Respectfully,
Willow Chance
The woman looks stunned by the clarity of the communication.
Or maybe the intense expression on her face is normal.
Either way, it is a relief that she doesn’t smile.
For a period of time, immeasurable now that nothing can be quantified, my caseworker tries in a variety of ways to convince me to leave with her.
I say nothing.
And I don’t move a muscle other than to take shallow, almost imperceptible breaths.
I know this can be unsettling to people.
I can’t count anymore by 7s, but I can conjugate irregular Latin verbs, and I do this while she speaks to me.
Finally, when it is obvious that none of her talking is working, the woman implies that force is an alternative.
She doesn’t say that she’s going to drag me to her car by my hair if that’s what it takes.
But I get the picture.
And so in the end I have no choice but to go along.
I’m surprised that I have as much trouble as I do saying good-bye to Pattie Nguyen.

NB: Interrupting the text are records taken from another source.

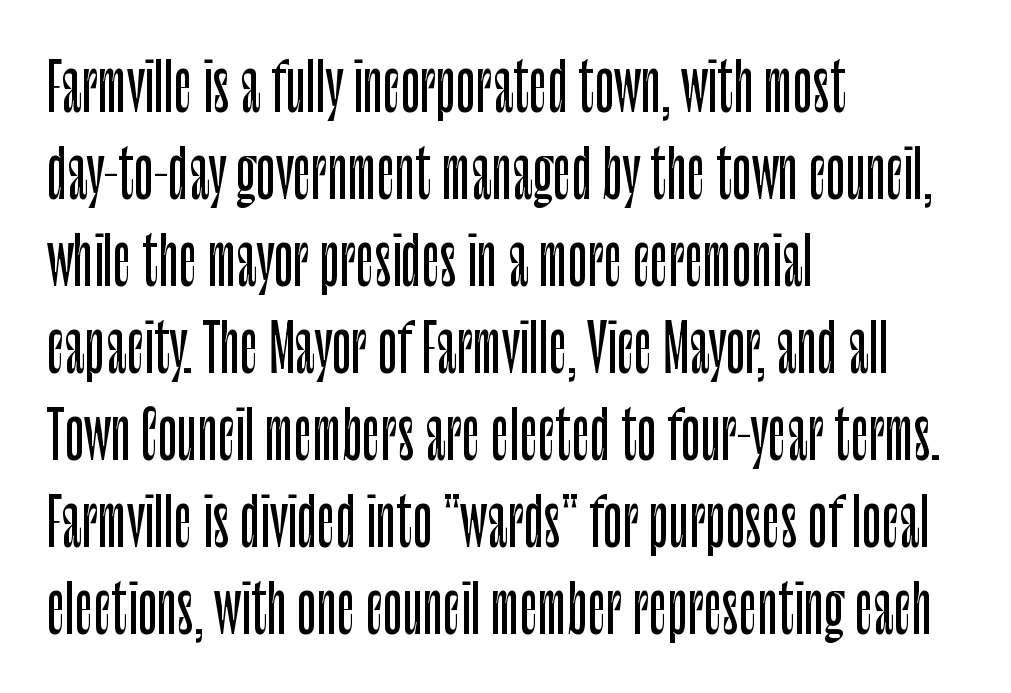
{"serif": "no", "italic": "no", "width": "condensed", "stroke_contrast": "low", "x_height": "large", "monospaced": "no", "underline": "no", "align": "left", "line_spacing": "normal", "line_spacing_ratio": 1.36, "letter_spacing": "normal", "letter_spacing_em": 0.0, "glyph_px": 64}
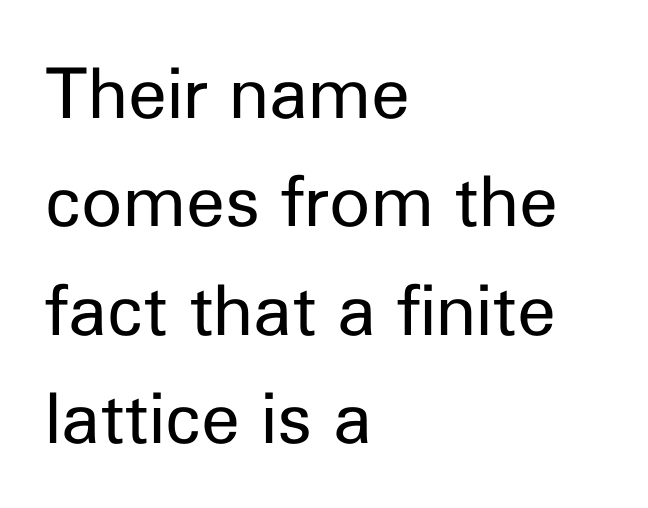
Is there much room between lines? A standard amount, neither cramped nor airy. The characters display no serif detailing; their extremities are plain. Layout note: lines flush left. Clear beneath every line of the passage. The line texture is even and compact thanks to regular tracking. Stems here are at most as thick as an everyday book face.
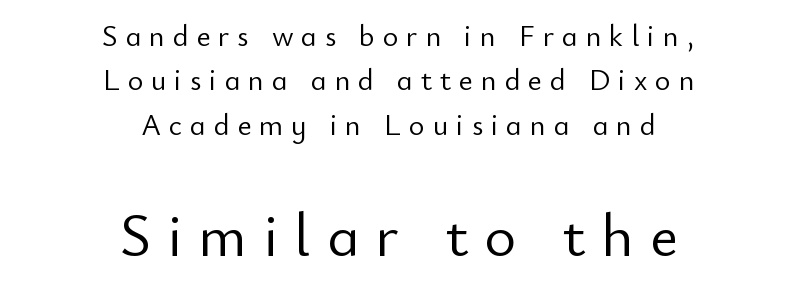
{"serif": "no", "italic": "no", "bold": "no", "weight": "light", "width": "normal", "stroke_contrast": "low", "x_height": "small", "monospaced": "no", "underline": "no", "align": "center", "line_spacing": "normal", "line_spacing_ratio": 1.48, "letter_spacing": "wide", "letter_spacing_em": 0.26, "larger_block": "second", "size_ratio": 2.03, "glyph_px": 61}
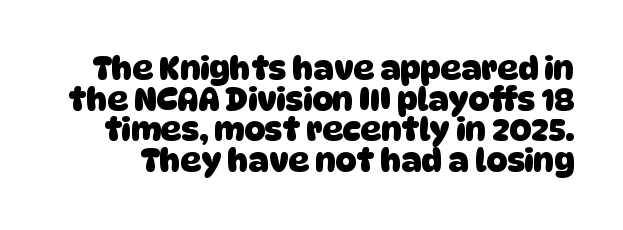
{"serif": "no", "bold": "yes", "weight": "heavy", "width": "normal", "stroke_contrast": "low", "x_height": "large", "monospaced": "no", "underline": "no", "line_spacing": "tight", "line_spacing_ratio": 0.96, "letter_spacing": "normal", "letter_spacing_em": 0.0, "glyph_px": 32}
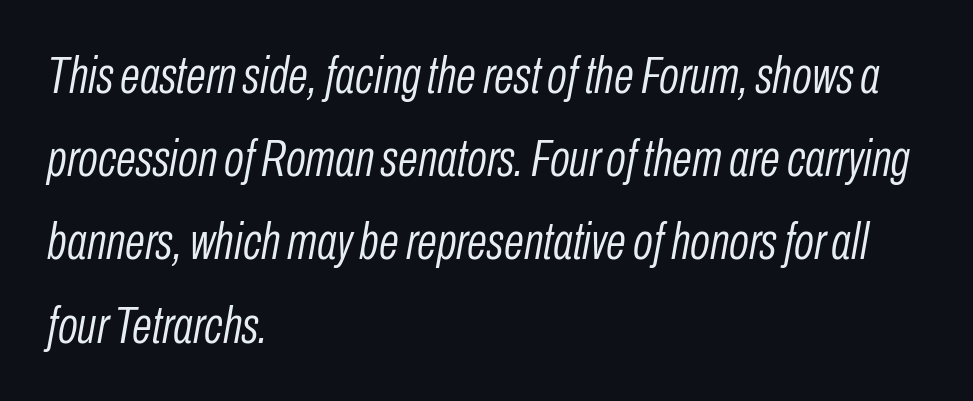
This sample has the flowing, uneven cadence of proportional lettering. Weight class: somewhere from thin through regular. Tall strokes in this sample are angled rather than plumb. A typesetter would call this leading conventional body-copy spacing. Each line starts at the same left margin while the right side varies. The area under the type is left untouched.

She puts her arms around me tight and I wish that she would stay that way.
But of course she can’t.
I don’t say anything, but I guess the tears running down my cheeks do the talking, because Pattie abruptly turns away and goes to the back of the salon. It is the hardest good-bye I’ve ever had.
Yesterday at this time, I didn’t even know her.
Chapter 23
Jamison Children’s Center is the county facility that provides emergency foster care.
Lenore Cole gives me a pamphlet.
I read it, but get the distinct feeling that the place is probably for kids who have parents who hit them or don’t feed them real food because they are too busy taking drugs or stealing something.
As we drive up to the building, I put my index and middle fingers on my carotid artery just behind my ear to take my pulse.
I know for a fact that my heart rate is in some kind of danger zone.
We go inside.
They are processing my paperwork.
When I enter, I see that the doors have locks on both sides. They click shut.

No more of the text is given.